サンプルのデータはこのようになっています。
##Instruction: Write a succinct description of the image, capturing its main components, the relationships between them, and any notable details. ##Question: ##Answer: A man with a red helmet on a small moped on a dirt road.
cocoのデータセットはCaptionなので、Questionの部分は空欄になっています。
processorでの処理について見ていきましょう。基本的には画像の正規化とテキストのトークンかを行っています。その他にもmax_lengthに満たない語数の入力データはPaddingされるように設定しています。processorで処理したデータは辞書型で返されて以下の値を持ちます。
- input_ids: トークン化されたテキストの配列
- attention_mask: トークン化されたテキストに対するマスク(Paddingが0)
- pixel_values: 正規化された画像のアレイ。Channel firstにも変換されている。

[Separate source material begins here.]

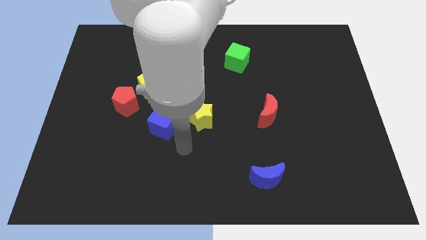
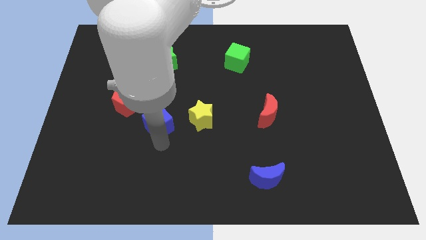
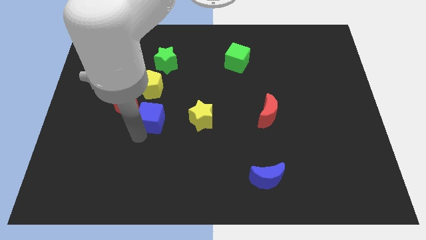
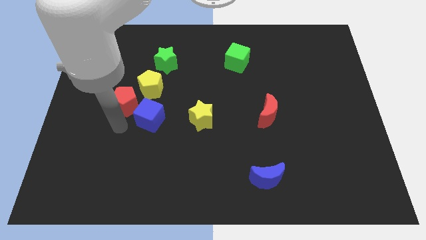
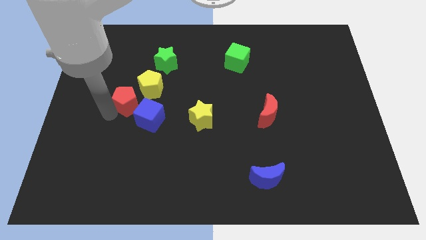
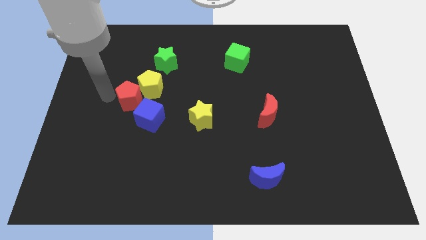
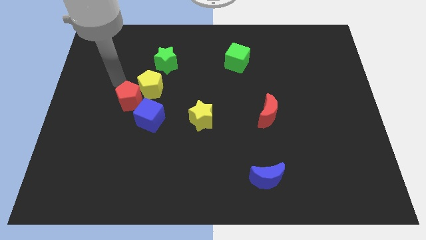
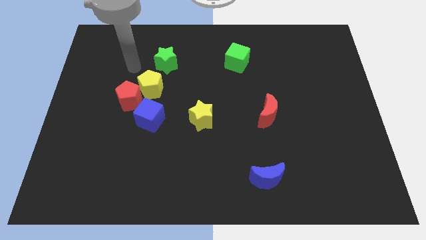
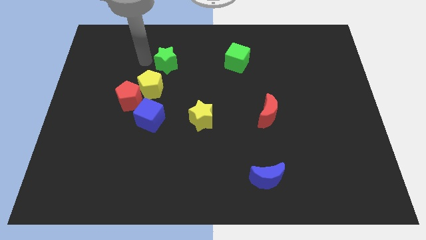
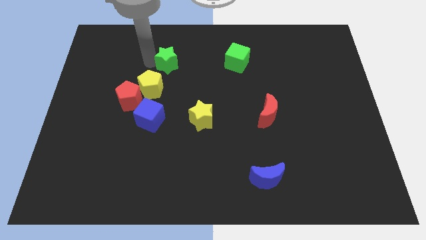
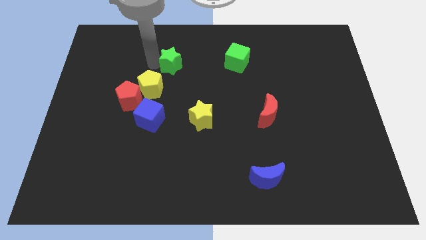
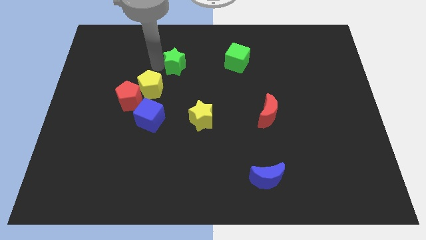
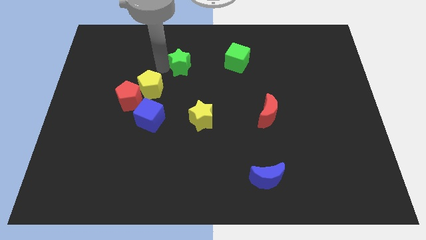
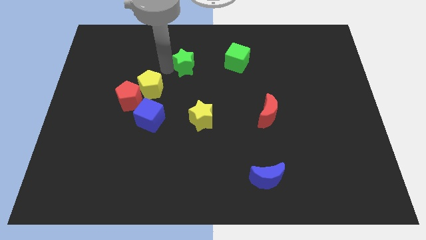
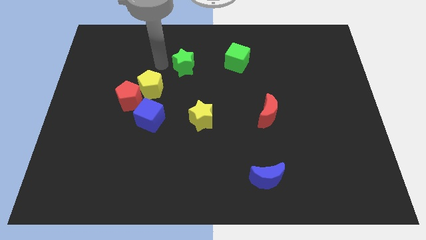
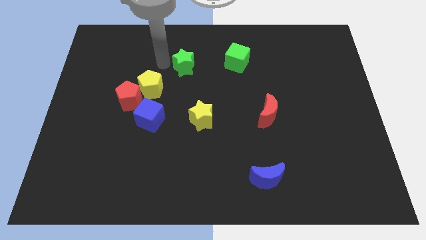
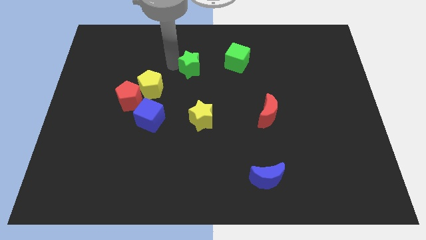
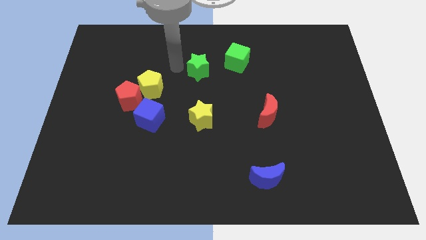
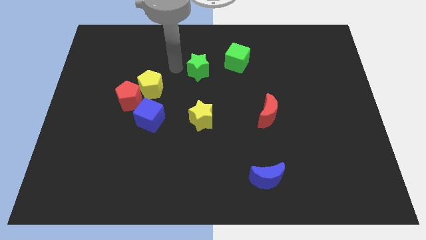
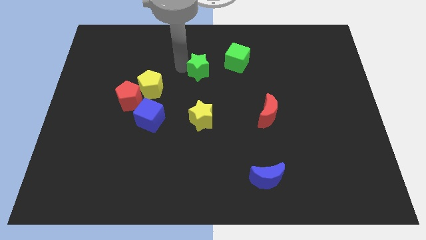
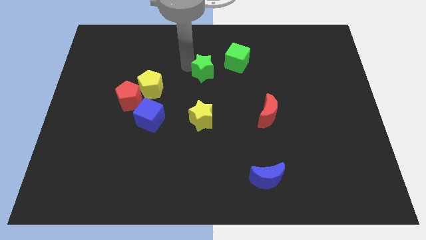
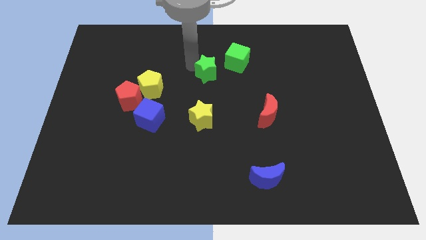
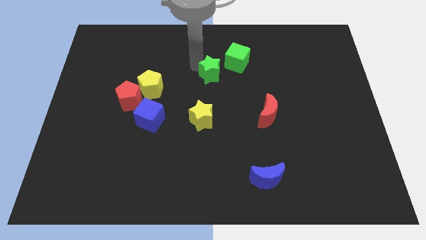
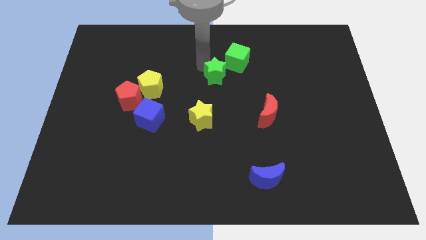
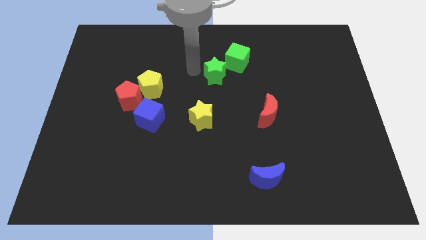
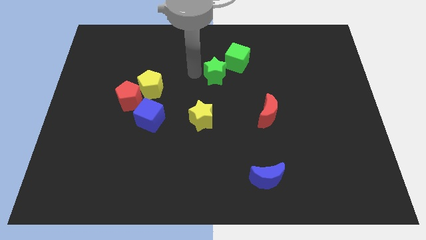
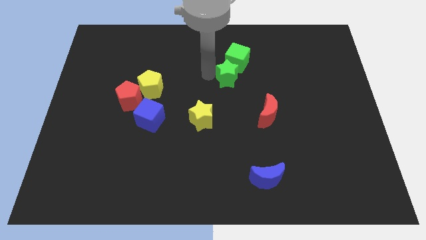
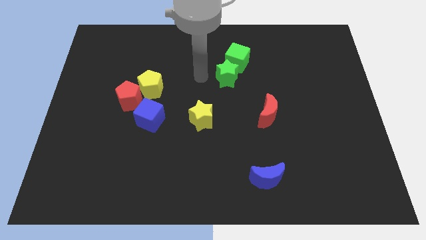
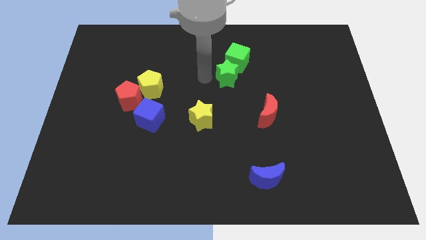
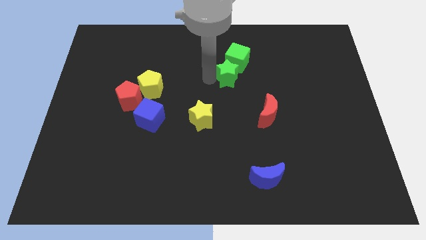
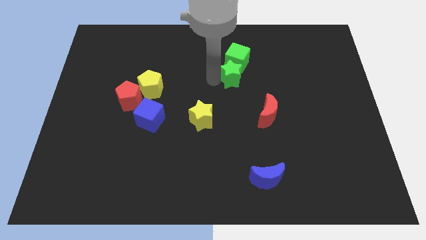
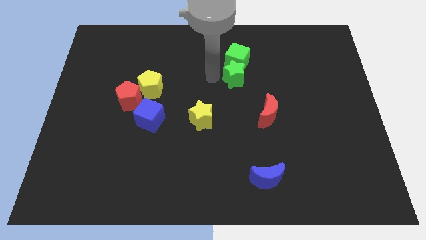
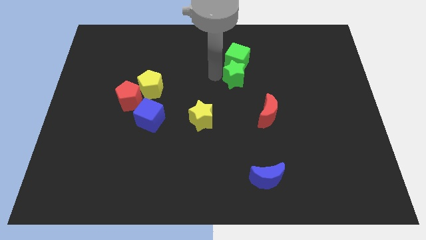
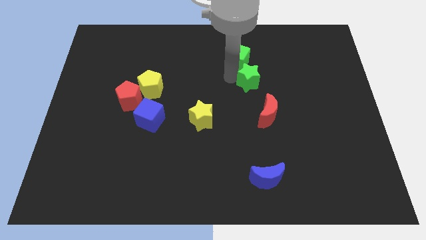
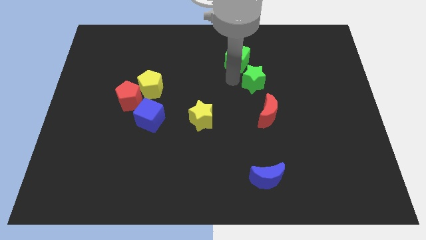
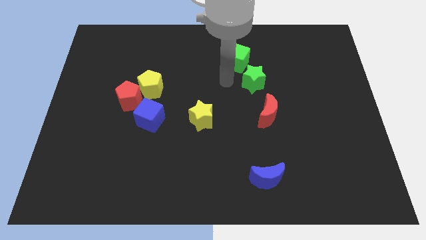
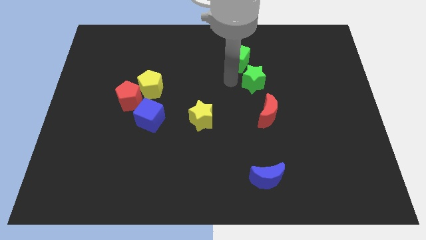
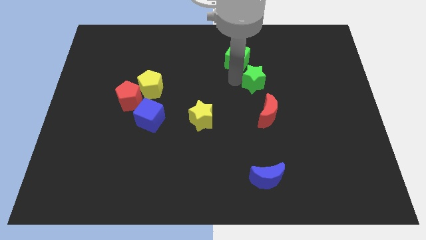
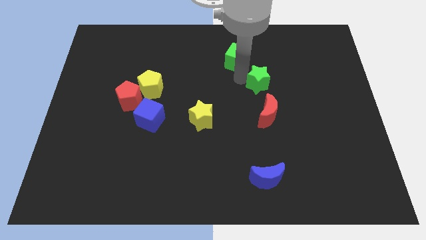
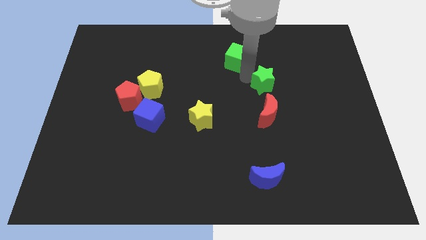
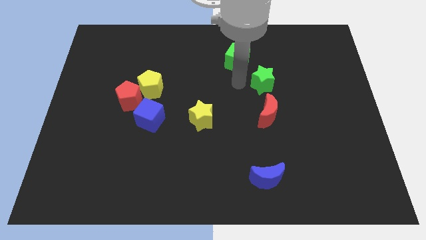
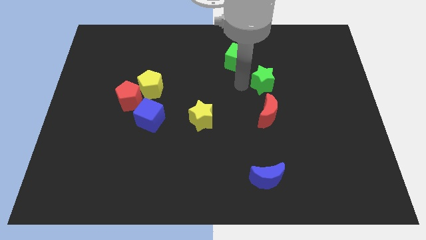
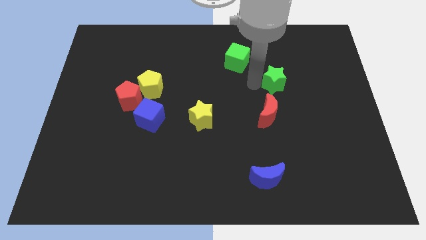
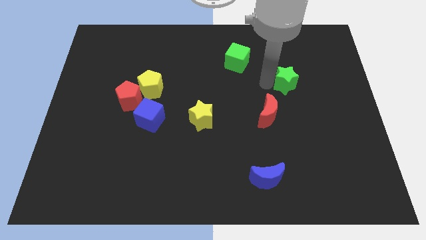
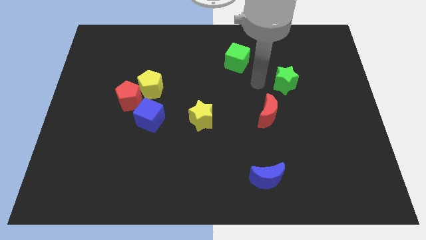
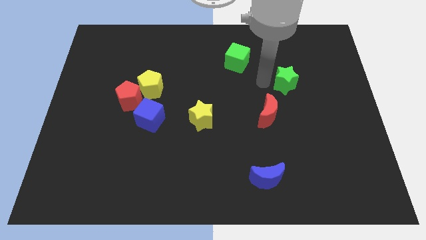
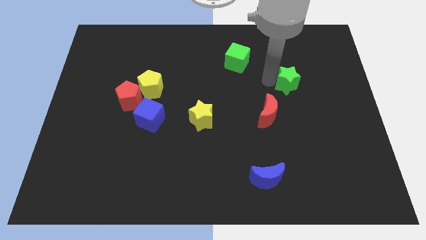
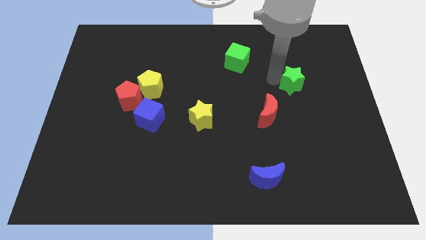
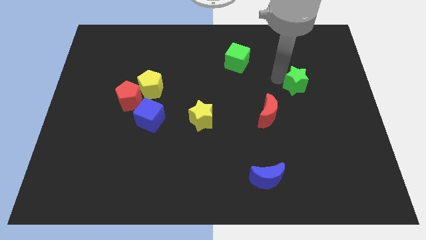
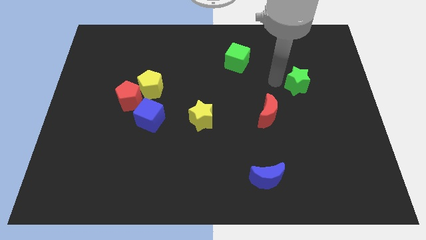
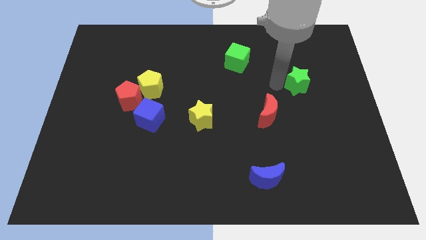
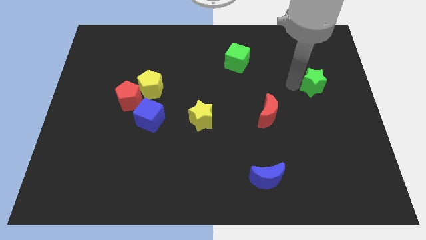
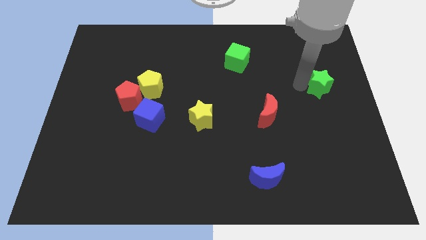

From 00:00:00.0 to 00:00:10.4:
put the green star to the right side of the board

このキーの名前はモデルのforward関数の引数に対応していますので、変更してはいけません。最後にlabelsというキーにinput_idsをそのまま渡します。GitOPTForCausalLMのforward関数の中でlossを計算するときに1単語ずらした次単語予測をするようにしています。なので個々ではそのまま渡しています。
実験1: どこをFinetuningするか
GITのモデルの学習について、論文では強いVision Encoderを用いて言語モデルの方はランダムなパラメータを使うと説明されていました。今回は最終的に7Bクラスの言語モデルを使用したいので言語モデルにも事前学習されたモデルを使用します。Finetuningの検討場所として以下の4つを検証してみます。GIT Projectionは初期化したモジュールなので必ず入れています。多少、意味のない組み合わせもありますが今回は試しにということで気にせず組み合わせています。
- Vision Encoder
- Head(lm_head)
- OPT
- LoRA
学習するモジュールは勾配をもたせて、それ以外は勾配を持たないように変更しました。
# 学習するパラメータを指定する (全部学習するとメモリが大きくなる)
for name, p in model.model.named_parameters():
if np.any([k in name for k in keys_finetune]):
p.requires_grad = True
else:
p.requires_grad = False
Vision EncoderとLLMは以下のものを使用して検証を行いました。
- openai/clip-vit-base-patch16
- facebook/opt-350m
訓練はcocoの訓練データを使用し、5エポック学習しています。
まず訓練Lossを見たところ、うまく行ってないグループがあることがわかります。これはOPTも学習に含めたケースでした。今回はすべての実験を極力条件を揃えて行いましたが、言語モデル部分をFinetuningするにはやはり学習率など細かい条件の調整が必要かもしれません。検証データでもOPTを学習に含めたものはうまく行っていなかったのでそれを除いた結果を見ていきましょう。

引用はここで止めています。